The North Platte Natural Resources District (NPNRD) will offer those affected by the fires assistance through current conservation programs such as the Nebraska Soil and Water Conservation Program (NSWCP).

“Our assistance is what we normally offer,” said Todd Filipi, NPNRD’s resource conservation coordinator. “In this NSWCP program there is a cut in mid-February, but we can do cross fencing, livestock development and that sort of thing, helping landowners get back on their feet.”

NPNRD will have saplings and plugs for sale, as well as grass seeding, with equipment capable of navigating difficult terrain to provide planting services.

“Included in livestock development, some of that money can go to seeding grass, if people are really nervous,” Filipi said. “I think a lot of that stuff over there is going to come back if a guy is patient with it or if a guy wants to plant something different to maybe seed on it, we can do that.”

In addition to conservation programs, the NPNRD will provide on-site assessments and discuss recovery planning options.

“We definitely went to see some of the properties and what’s already burned down,” Filipi said. “Lots of grass and stuff on the flatter area, the fire spread pretty quickly but it’s already green again. Obviously it’s taken some of the tonnage in feed in the meantime but if we see timely rains , some will come back pretty quickly for these guys.

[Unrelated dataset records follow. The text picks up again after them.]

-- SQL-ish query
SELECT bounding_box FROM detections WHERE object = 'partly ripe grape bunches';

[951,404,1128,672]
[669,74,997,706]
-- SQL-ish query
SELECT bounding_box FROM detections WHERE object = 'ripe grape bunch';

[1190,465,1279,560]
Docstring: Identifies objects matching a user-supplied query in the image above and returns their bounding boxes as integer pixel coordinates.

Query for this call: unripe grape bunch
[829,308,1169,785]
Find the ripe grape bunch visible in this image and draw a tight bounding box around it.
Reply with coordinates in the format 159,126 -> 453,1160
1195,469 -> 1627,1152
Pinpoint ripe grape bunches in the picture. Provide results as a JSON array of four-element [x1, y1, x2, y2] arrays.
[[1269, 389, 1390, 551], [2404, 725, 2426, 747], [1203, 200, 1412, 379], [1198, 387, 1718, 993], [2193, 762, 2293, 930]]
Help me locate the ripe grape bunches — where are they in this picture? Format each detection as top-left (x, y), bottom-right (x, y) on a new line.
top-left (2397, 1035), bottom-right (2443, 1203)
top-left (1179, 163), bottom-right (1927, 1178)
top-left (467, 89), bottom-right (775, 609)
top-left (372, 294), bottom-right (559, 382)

Filipi said he was urging those affected by the wildfire to be patient and advising that burned and felled trees be left where they are for the short term, when possible, to create natural barriers against the erosion protecting the topsoil.

Doak Nickerson, district forester for the Nebraska Forest Service, also encourages landowners to wait until spring to remove damaged trees unless they interfere with fences or structures.

“Absolutely our immediate concern will be the washouts of the ravines, the heavy rains that may occur between now and the greening of the grass next spring and summer,” Nickerson said. “So my recommendation to people there is not to do any deforestation at this time.”

The Nebraska Forest Service is ready to offer assistance on two fronts once funding through grants becomes available. The first would be a reactive approach with a cost-shared program to assist in the removal of dead trees. The second would be proactive with grants targeting future replanting efforts.

“With any government entity, we need to leverage fundraising efforts and that’s in the air right now,” Nickerson said. “We hope that in the future we will be successful in securing some kind of grant to help affected landowners.”

He said the Forest Service would likely design replanting efforts similar to the wildfire footprints in the Pine Ridge area, which focused their efforts on restoring native species using a manual planting crew.

“I think our best step, based on past experience with these wildfire footprints, is to go into a pattern of expectation and hope that these tree root systems will help a little bit to keep the ground from erode,” Nickerson said. “It’s a drastic change in these watersheds with tree cover that was there before. Now it is gone or parts of it are gone. It’s just a black skeleton standing in those hills and so I have to change my mind a bit and be humble about it.

“These landowners and people affected by the fire are going through a tough time right now and we need to reset, I think, and understand where they’re coming from. Once we move on, we move past this horrific event, and then we can look to the future, that’s where we need to go and that’s where we’re headed.